La situación de calle según los excluidos: “Lo peor no es el frío, es la lluvia”

Con trayectorias vitales muy diversas, pero con el mismo resultado de exclusión, más de 2 mil personas viven en situación de calle. El Estado ensaya respuestas con resultado dispar

Inmediaciones del Hospital Pasteur. Foto: R. Pérez. 

Ángela Rocío Pérez / Sudestada / @arocioperez

En las inmediaciones del Hospital Pasteur, ubicado en el barrio Unión, es posible contar entre 10 y 15 personas durmiendo en la calle cada día. Fabián Patrón (35) es uno de ellos. Contó que llegó a esta situación por culpa de las drogas. Trabaja como cuidacoches desde la mañana hasta las 22 horas aproximadamente. Es por esto que nunca fue a un refugio, en los que hay que presentarse antes de la noche si no se pierde el lugar, en caso de tener uno. Ninguno de los que duermen allí van a los refugios por la misma razón que él, comentó Patrón.

El frío lo combaten con el plato de comida que todos los días les brindan en el comedor de la Iglesia San Agustín, separada del hospital por la Plaza de la Restauración. “Lo peor no es el frío. Es la lluvia”, aseguró Patrón. Cuando llueve por la noche el único refugio que encuentran es el de los techos de las tiendas de 8 de octubre.


Fabián es uno de los que nunca fue a un refugio. Foto: R. Pérez. 
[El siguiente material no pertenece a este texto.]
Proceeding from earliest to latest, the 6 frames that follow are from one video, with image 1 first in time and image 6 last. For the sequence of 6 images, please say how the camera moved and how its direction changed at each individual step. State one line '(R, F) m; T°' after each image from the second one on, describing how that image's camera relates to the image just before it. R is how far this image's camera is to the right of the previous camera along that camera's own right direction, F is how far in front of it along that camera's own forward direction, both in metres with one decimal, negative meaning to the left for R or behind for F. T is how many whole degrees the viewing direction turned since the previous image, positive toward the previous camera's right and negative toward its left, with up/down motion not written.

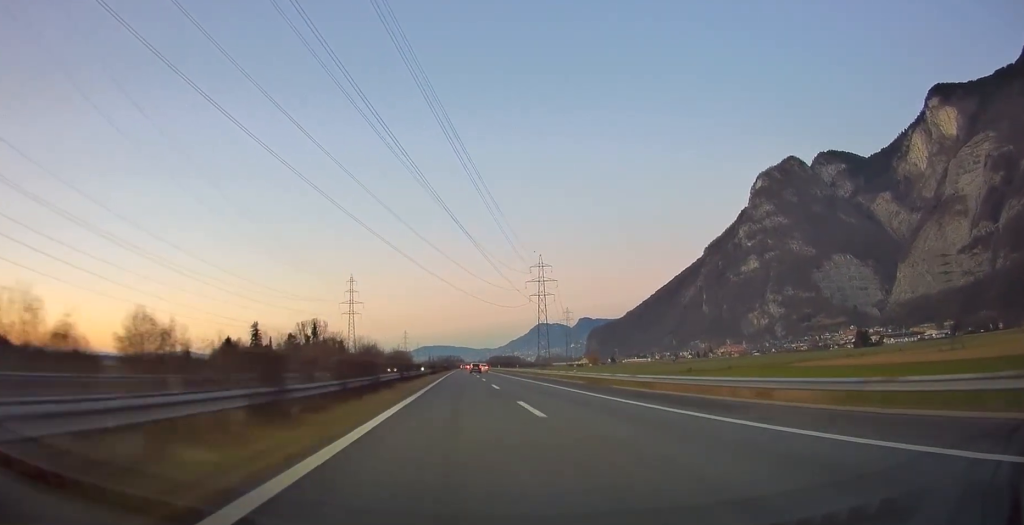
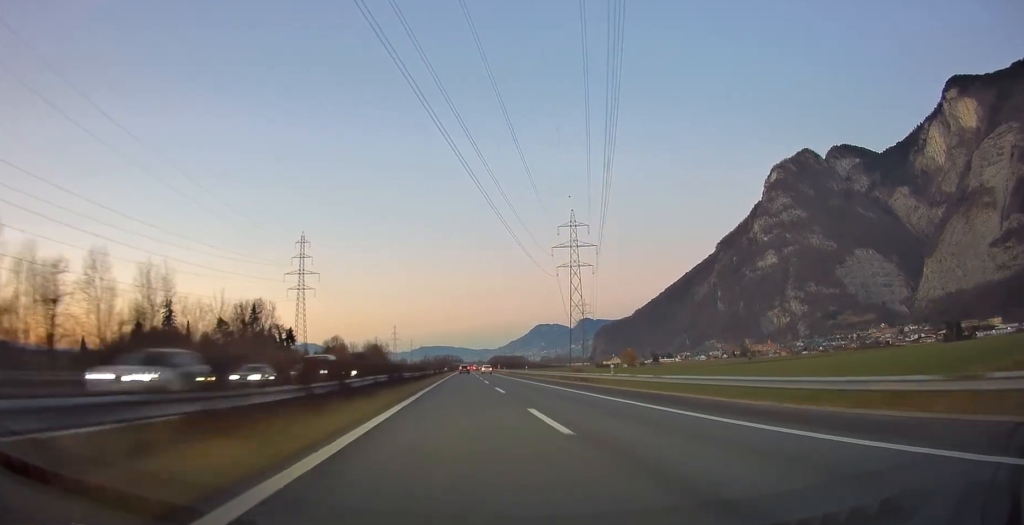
(+0.6, +112.5) m; 0°
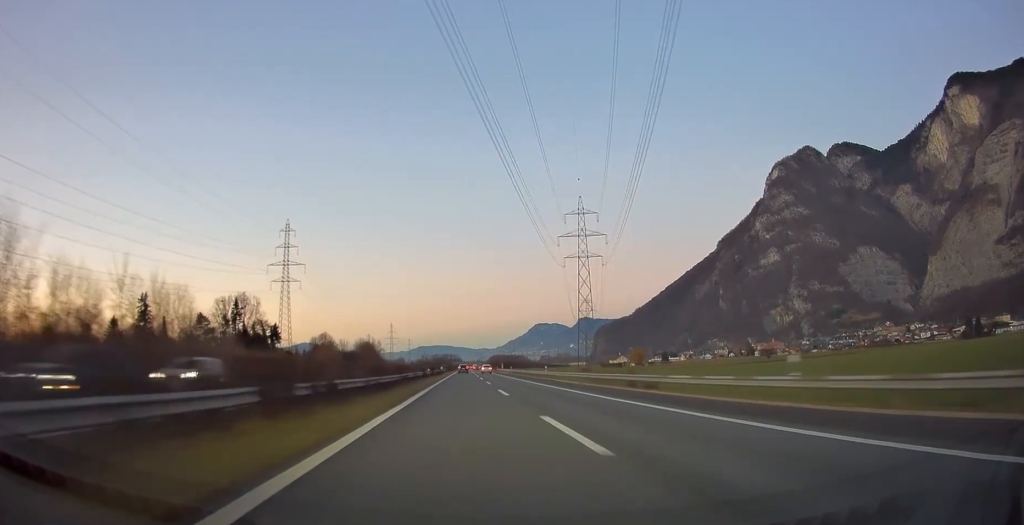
(-0.1, +21.4) m; 0°
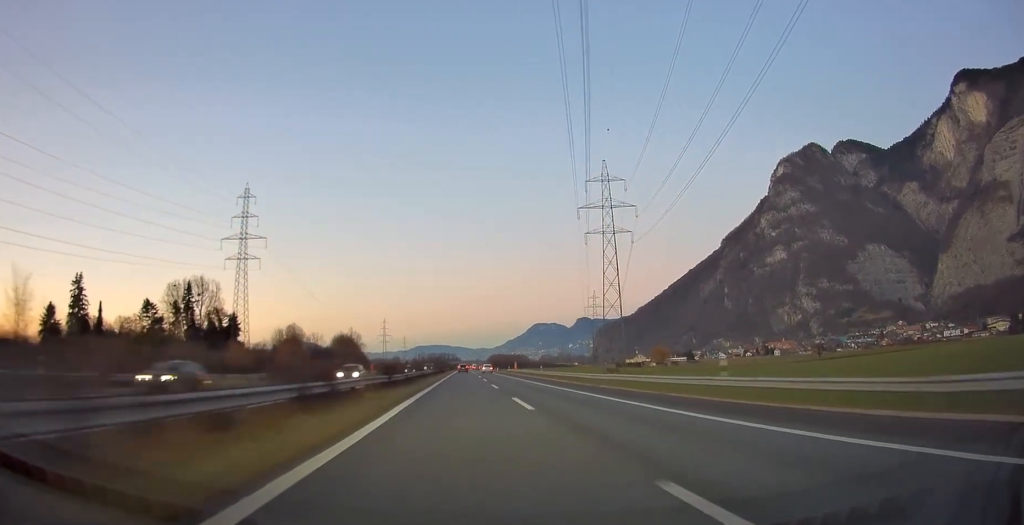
(-0.1, +44.9) m; 0°
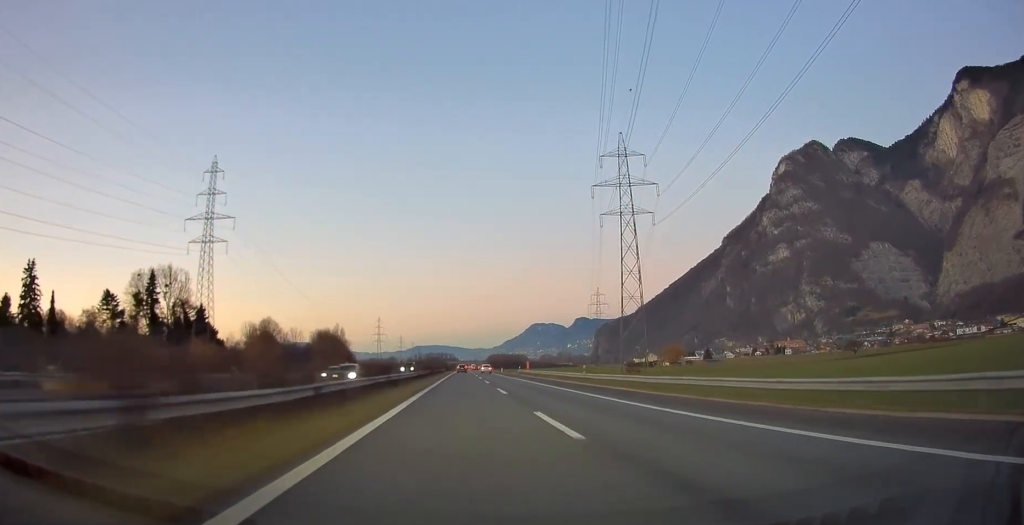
(+0.1, +23.6) m; 0°
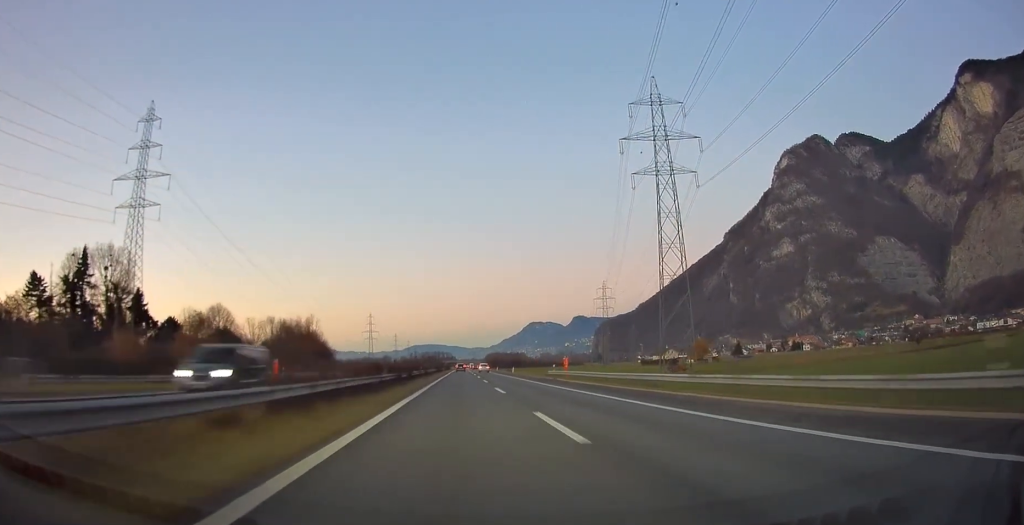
(0.0, +37.1) m; 0°

Además del comedor de la iglesia y el constante movimiento de autos y taxis, una de las razones para elegir la zona es el grupo humano que allí duerme. Según Patrón, como “se conocen todos” sabe que no le van a robar sus cosas por la noche.  Sin embargo, a una cuadra otro cuidacoches se quejó con una vecina de que le volvieron a robar la escoba mientras dormía.
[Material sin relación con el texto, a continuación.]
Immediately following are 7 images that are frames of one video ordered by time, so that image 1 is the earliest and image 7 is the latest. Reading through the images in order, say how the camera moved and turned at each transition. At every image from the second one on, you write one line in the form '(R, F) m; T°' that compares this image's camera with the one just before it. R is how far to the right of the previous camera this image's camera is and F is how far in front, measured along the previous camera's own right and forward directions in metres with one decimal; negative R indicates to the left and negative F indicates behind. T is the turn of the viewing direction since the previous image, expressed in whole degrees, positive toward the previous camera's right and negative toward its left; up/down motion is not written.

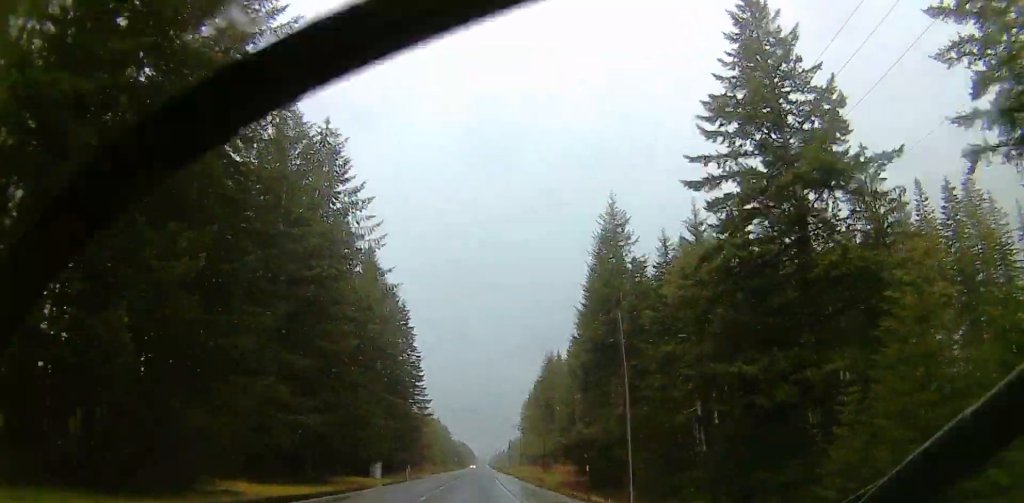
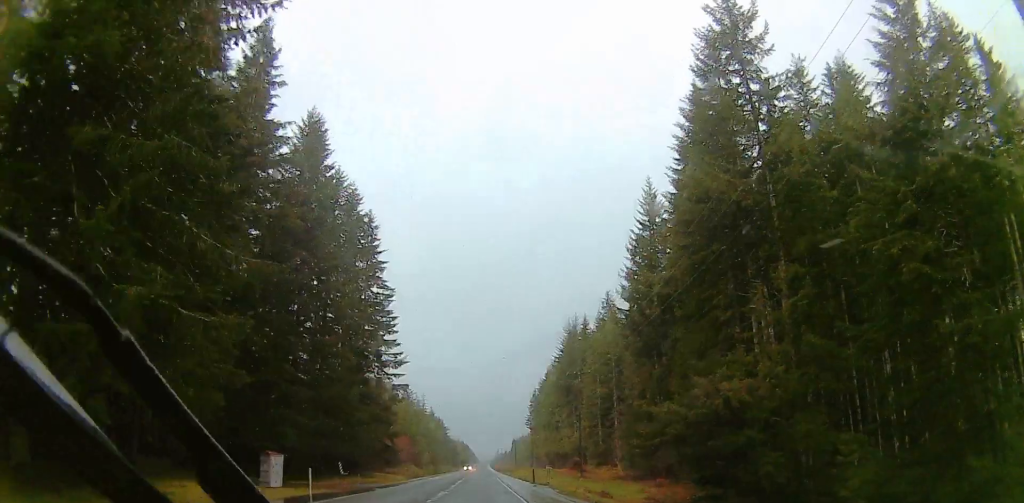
(+0.5, +52.1) m; -1°
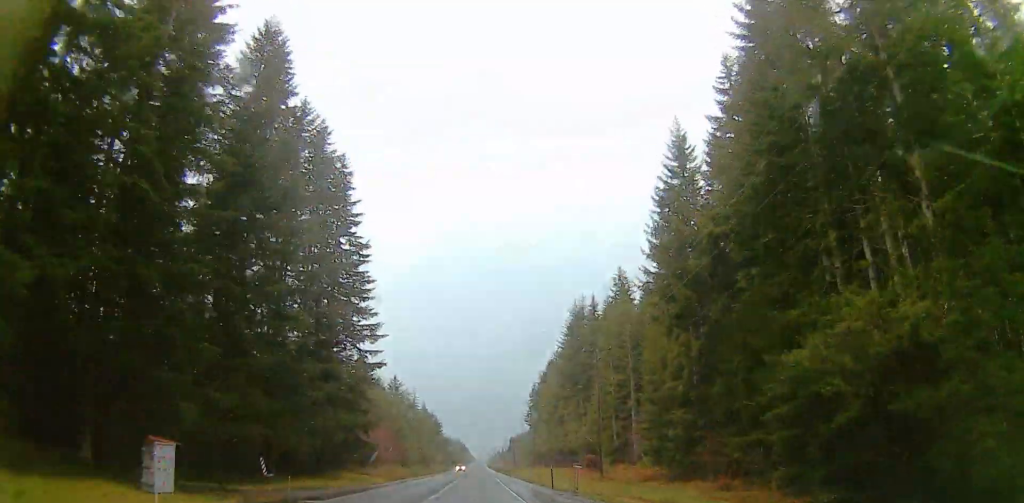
(-0.1, +17.3) m; 0°
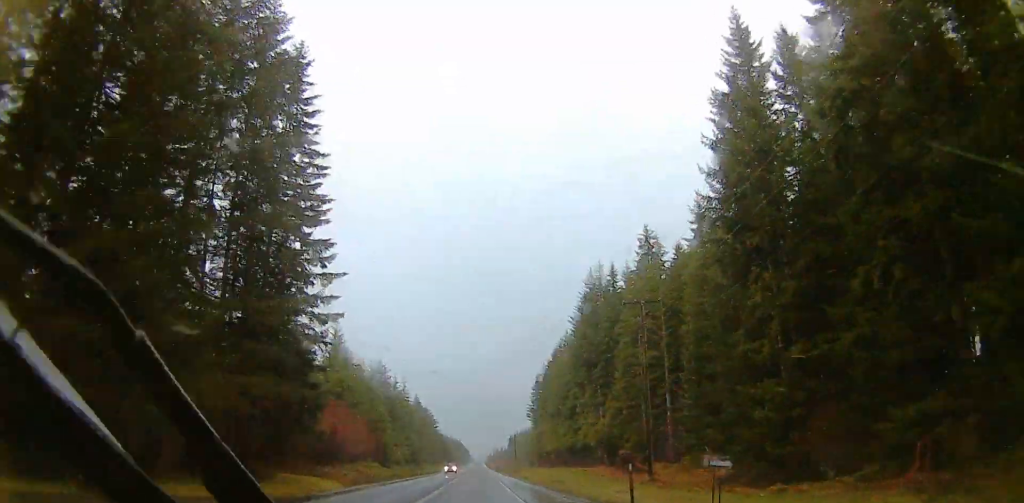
(0.0, +21.7) m; 0°
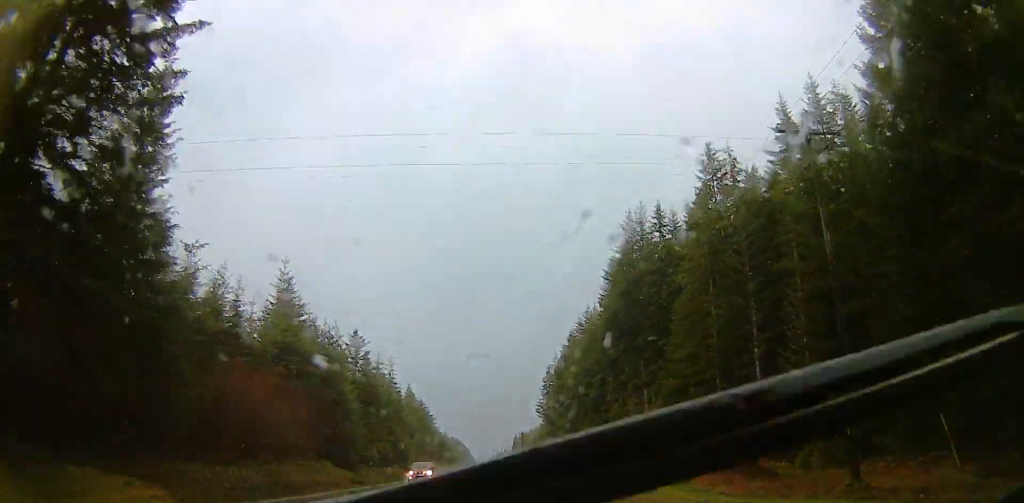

Washington Rodríguez (60) es uno de los que hace más tiempo que vive en esas calles. Los parroquianos lo conocen por el nombre y le arriman un café por las mañanas. Rodríguez no recuerda cuántos años hace que está en situación de calle, pero sí que fue desde que lo desalojaron de la casa que era de su madre fallecida. Nunca fue a un refugio del Ministerio de Desarrollo Social (Mides) ni tiene interés en hacerlo porque “está bien así”, expresó.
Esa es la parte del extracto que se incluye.